What you are asked to do:
Reproduce the data below word for word, setting aside any picture it holds.

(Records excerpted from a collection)
○ ○ ○

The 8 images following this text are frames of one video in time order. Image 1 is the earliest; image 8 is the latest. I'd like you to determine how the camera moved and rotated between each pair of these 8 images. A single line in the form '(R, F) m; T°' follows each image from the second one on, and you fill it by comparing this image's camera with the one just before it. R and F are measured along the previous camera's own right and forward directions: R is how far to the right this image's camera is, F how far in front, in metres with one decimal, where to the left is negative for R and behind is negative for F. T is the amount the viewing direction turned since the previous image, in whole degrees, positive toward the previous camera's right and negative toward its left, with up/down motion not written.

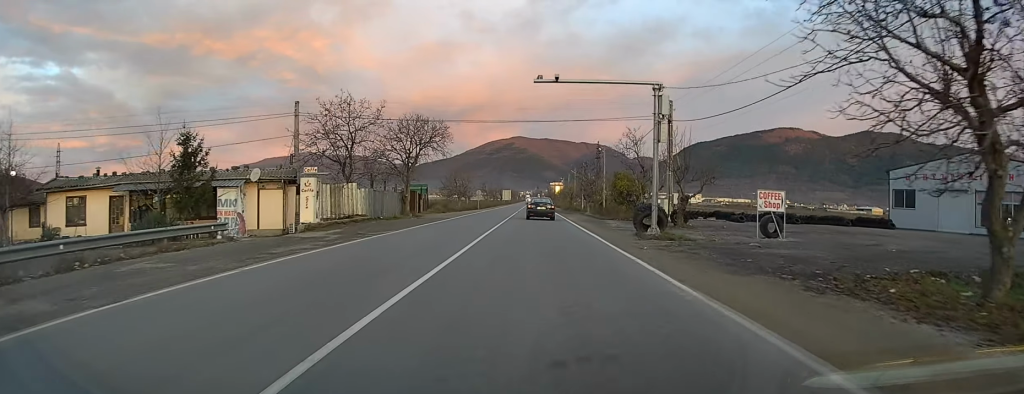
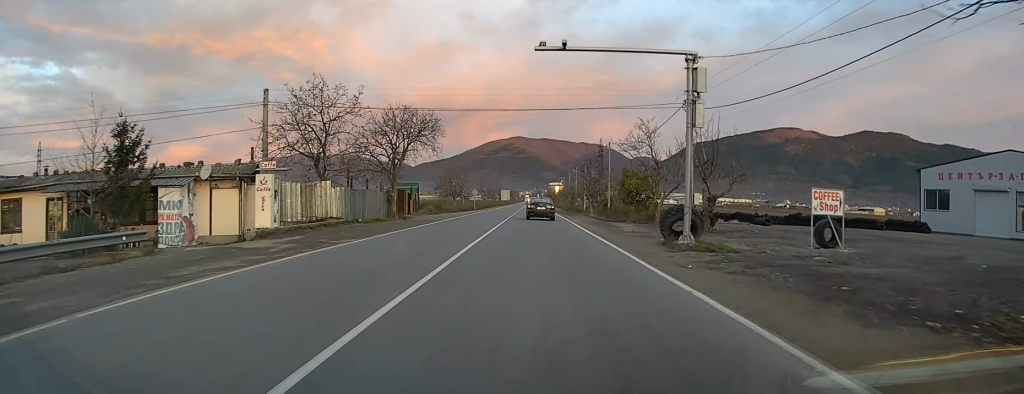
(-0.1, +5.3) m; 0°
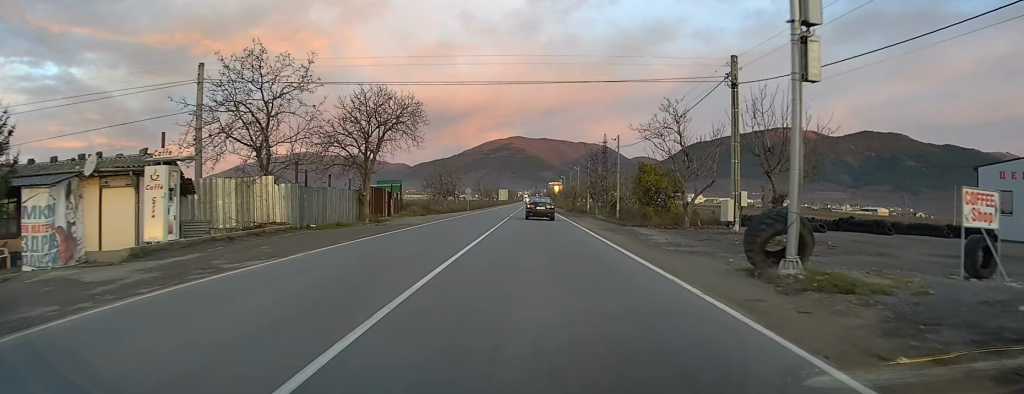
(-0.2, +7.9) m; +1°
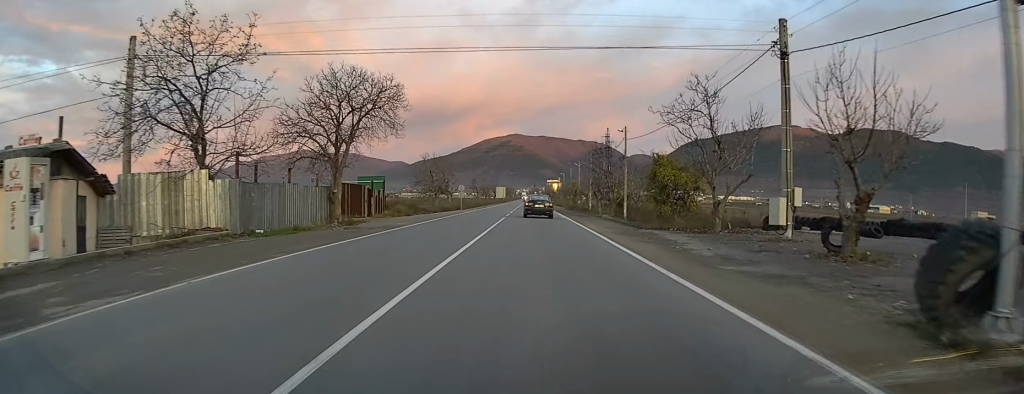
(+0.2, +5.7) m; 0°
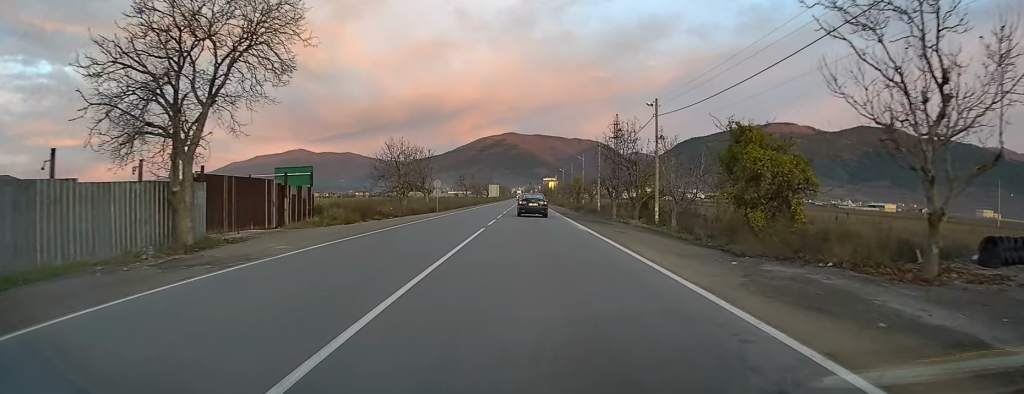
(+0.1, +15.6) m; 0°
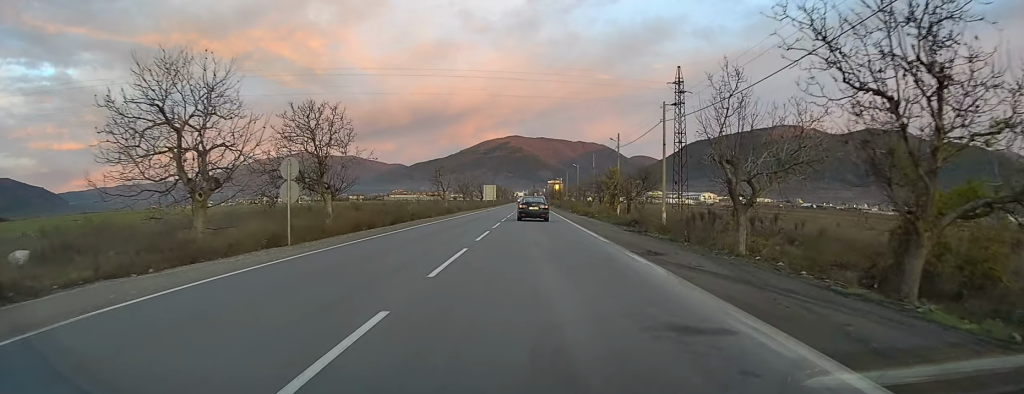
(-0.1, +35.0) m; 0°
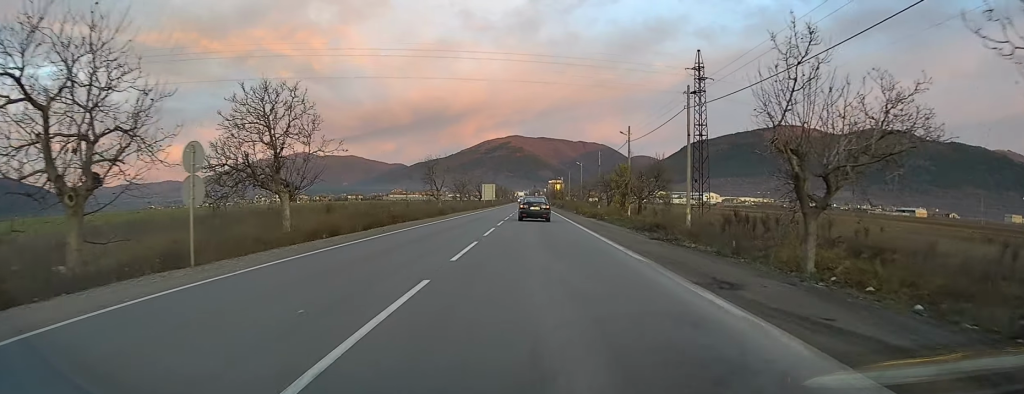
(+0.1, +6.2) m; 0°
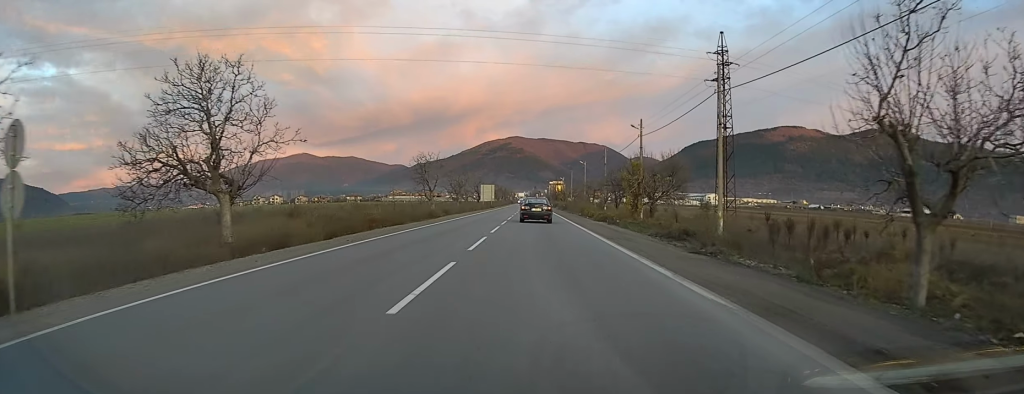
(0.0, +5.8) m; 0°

○ ○ ○

Task solution:
The 8 images following this text are frames of one video in time order. Image 1 is the earliest; image 8 is the latest. I'd like you to determine how the camera moved and rotated between each pair of these 8 images. A single line in the form '(R, F) m; T°' follows each image from the second one on, and you fill it by comparing this image's camera with the one just before it. R and F are measured along the previous camera's own right and forward directions: R is how far to the right this image's camera is, F how far in front, in metres with one decimal, where to the left is negative for R and behind is negative for F. T is the amount the viewing direction turned since the previous image, in whole degrees, positive toward the previous camera's right and negative toward its left, with up/down motion not written.

(-0.1, +5.3) m; 0°
(-0.2, +7.9) m; +1°
(+0.2, +5.7) m; 0°
(+0.1, +15.6) m; 0°
(-0.1, +35.0) m; 0°
(+0.1, +6.2) m; 0°
(0.0, +5.8) m; 0°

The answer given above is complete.